-- Aim of the exercise --
Go through the listing beneath and show each line containing the string "none".

-- Data provided --
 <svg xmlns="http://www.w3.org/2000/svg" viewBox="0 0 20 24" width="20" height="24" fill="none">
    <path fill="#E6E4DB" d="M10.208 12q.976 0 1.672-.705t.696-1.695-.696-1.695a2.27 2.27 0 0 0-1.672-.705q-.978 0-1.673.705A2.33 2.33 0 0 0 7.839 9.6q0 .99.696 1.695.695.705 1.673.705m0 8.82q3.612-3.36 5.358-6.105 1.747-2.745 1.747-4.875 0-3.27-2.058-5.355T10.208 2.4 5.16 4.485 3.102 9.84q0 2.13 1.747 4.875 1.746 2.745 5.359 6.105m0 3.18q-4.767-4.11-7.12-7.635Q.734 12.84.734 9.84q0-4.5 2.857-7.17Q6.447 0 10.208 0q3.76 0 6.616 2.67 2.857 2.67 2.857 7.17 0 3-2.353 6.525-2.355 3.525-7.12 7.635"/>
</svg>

* * *

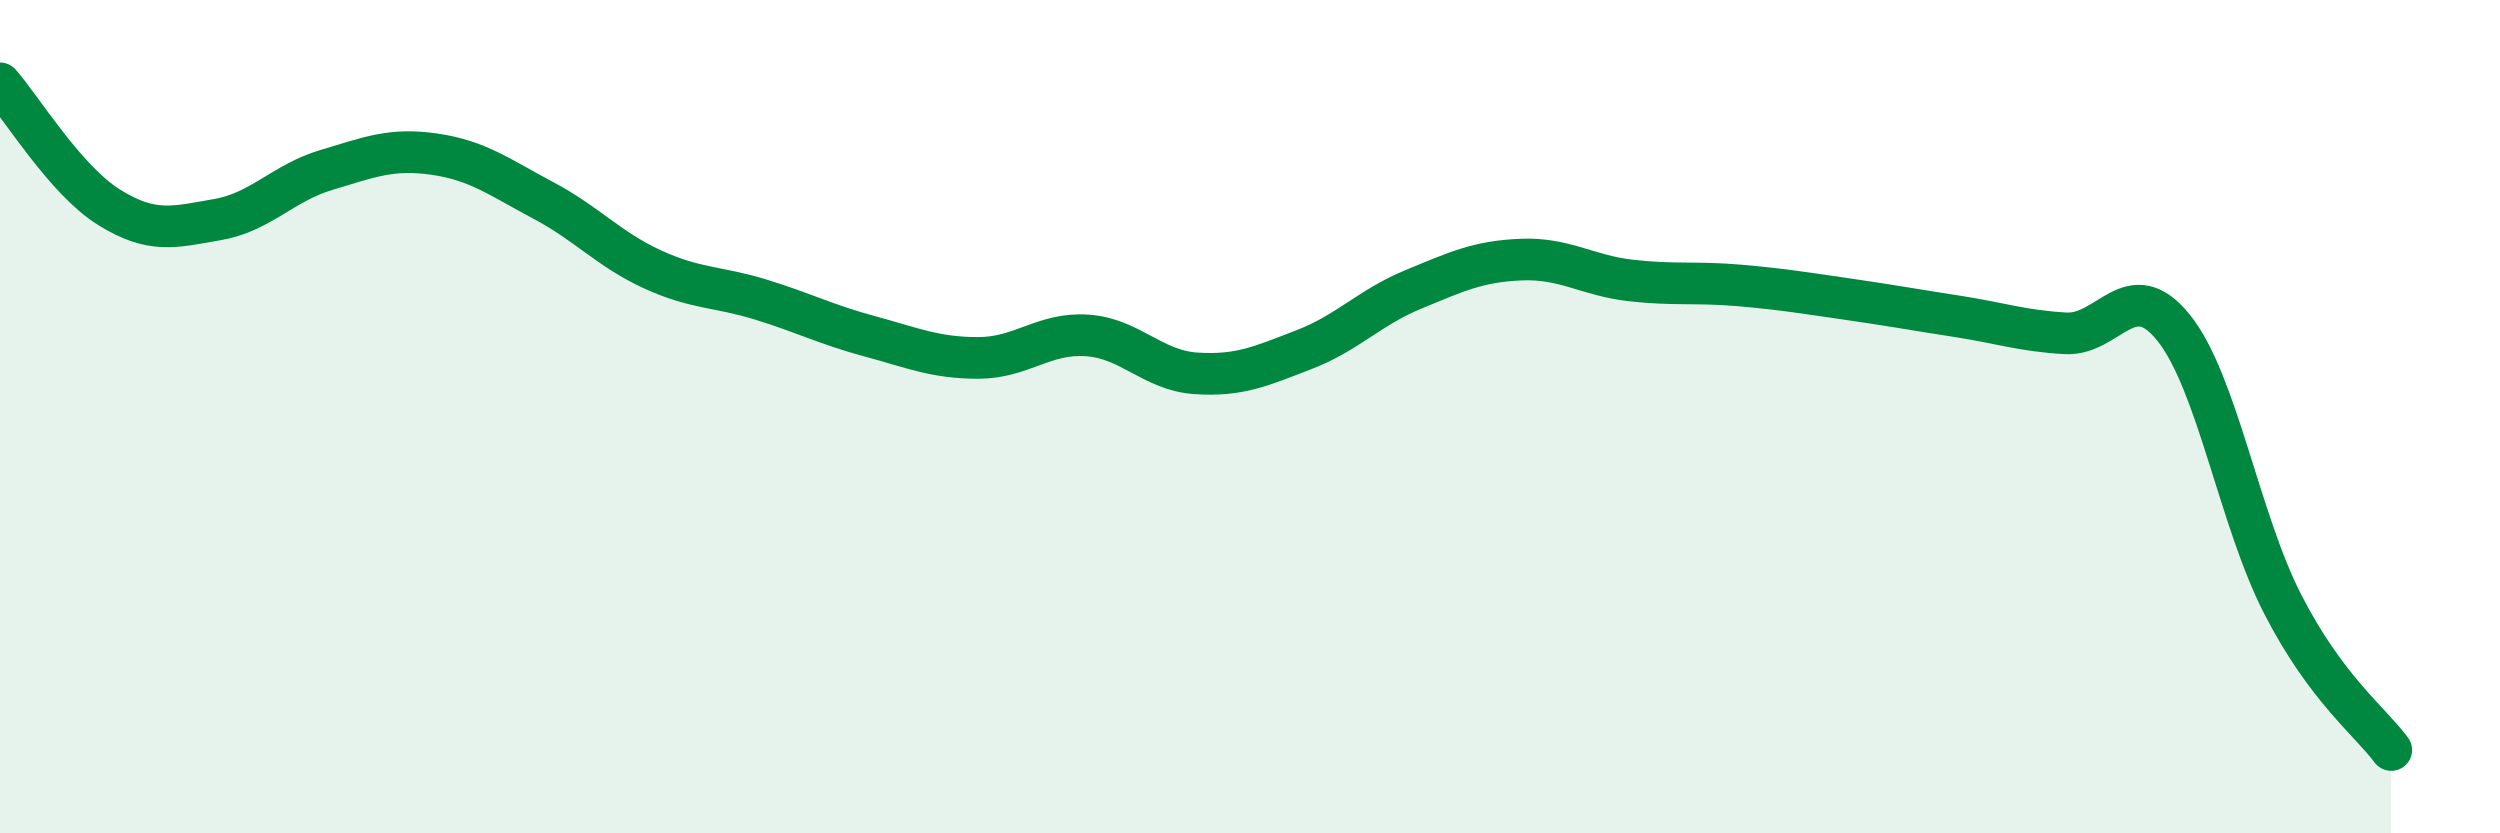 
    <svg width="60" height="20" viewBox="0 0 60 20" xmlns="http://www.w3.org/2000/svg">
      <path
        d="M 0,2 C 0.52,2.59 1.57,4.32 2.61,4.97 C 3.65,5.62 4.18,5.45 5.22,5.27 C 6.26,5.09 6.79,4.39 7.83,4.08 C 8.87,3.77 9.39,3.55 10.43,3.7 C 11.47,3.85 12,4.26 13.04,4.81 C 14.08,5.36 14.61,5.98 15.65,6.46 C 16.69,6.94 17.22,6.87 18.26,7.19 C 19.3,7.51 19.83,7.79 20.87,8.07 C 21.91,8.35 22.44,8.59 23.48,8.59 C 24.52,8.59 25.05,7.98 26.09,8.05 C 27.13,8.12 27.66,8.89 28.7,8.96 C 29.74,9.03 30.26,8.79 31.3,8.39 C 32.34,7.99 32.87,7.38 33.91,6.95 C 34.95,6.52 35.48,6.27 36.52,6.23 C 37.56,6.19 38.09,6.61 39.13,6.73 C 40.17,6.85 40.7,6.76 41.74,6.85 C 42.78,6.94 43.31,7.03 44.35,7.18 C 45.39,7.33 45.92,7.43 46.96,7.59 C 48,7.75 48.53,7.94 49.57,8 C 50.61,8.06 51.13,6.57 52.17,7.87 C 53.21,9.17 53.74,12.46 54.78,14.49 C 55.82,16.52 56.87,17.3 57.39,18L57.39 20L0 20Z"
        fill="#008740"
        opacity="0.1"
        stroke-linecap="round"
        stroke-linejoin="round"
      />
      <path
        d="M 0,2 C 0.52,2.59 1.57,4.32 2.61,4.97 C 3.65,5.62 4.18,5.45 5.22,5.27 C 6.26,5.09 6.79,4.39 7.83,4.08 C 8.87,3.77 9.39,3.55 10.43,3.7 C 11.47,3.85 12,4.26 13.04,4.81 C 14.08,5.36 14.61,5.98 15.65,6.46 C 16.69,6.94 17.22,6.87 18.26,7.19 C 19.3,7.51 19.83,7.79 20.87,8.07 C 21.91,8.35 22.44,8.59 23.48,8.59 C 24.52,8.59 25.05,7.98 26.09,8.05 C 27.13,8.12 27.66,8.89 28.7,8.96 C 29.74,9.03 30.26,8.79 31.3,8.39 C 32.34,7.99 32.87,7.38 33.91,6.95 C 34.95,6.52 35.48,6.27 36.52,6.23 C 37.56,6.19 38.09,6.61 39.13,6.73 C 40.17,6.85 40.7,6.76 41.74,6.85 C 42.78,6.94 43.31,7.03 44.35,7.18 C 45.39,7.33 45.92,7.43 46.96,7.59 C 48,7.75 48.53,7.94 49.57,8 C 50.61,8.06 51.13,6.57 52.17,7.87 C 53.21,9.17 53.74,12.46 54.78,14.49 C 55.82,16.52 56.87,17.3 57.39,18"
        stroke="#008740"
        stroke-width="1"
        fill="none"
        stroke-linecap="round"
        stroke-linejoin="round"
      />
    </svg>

* * *

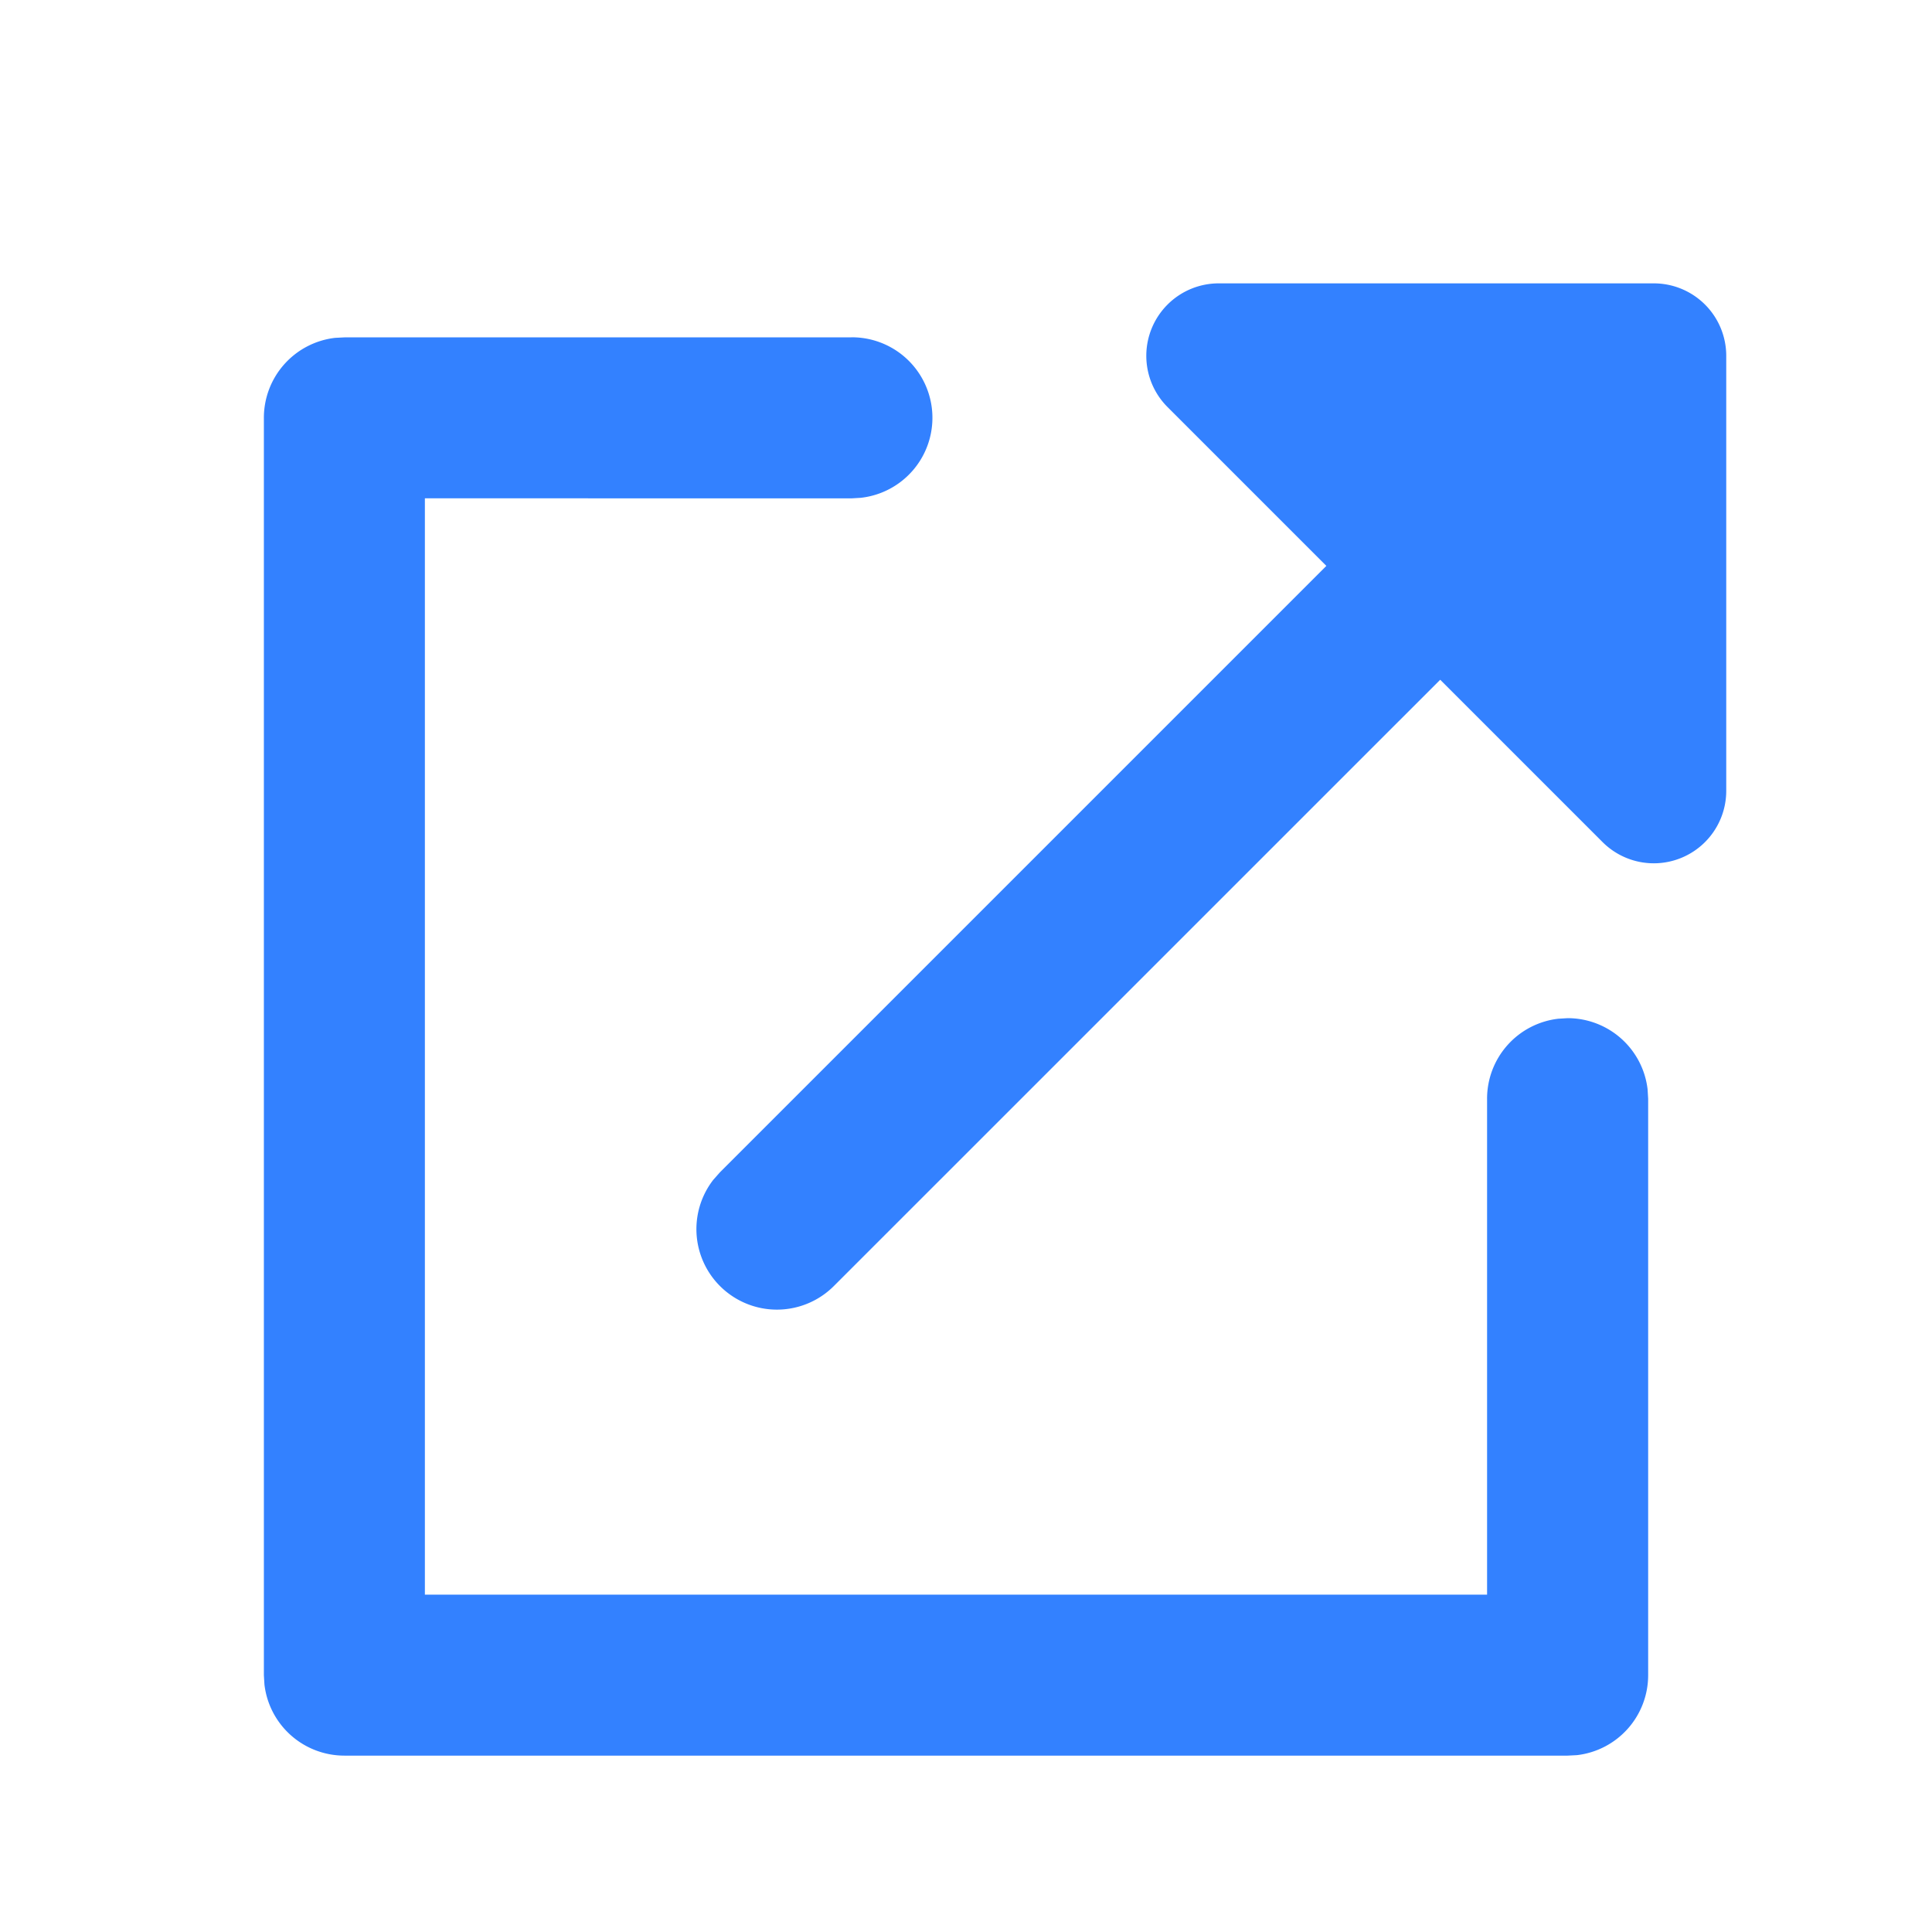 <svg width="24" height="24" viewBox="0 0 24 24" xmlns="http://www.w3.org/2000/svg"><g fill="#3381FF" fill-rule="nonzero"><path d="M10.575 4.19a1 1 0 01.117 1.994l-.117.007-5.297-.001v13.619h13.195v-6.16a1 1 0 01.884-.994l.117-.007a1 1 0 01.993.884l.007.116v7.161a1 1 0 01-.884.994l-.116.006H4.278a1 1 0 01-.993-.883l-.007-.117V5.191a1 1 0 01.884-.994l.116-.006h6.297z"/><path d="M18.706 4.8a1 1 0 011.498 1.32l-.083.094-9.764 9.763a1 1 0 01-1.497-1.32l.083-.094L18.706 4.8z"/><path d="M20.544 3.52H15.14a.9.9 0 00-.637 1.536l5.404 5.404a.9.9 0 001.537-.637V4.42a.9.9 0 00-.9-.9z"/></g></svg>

-- Exercise result --
 <svg xmlns="http://www.w3.org/2000/svg" viewBox="0 0 20 24" width="20" height="24" fill="none">
        fill="none"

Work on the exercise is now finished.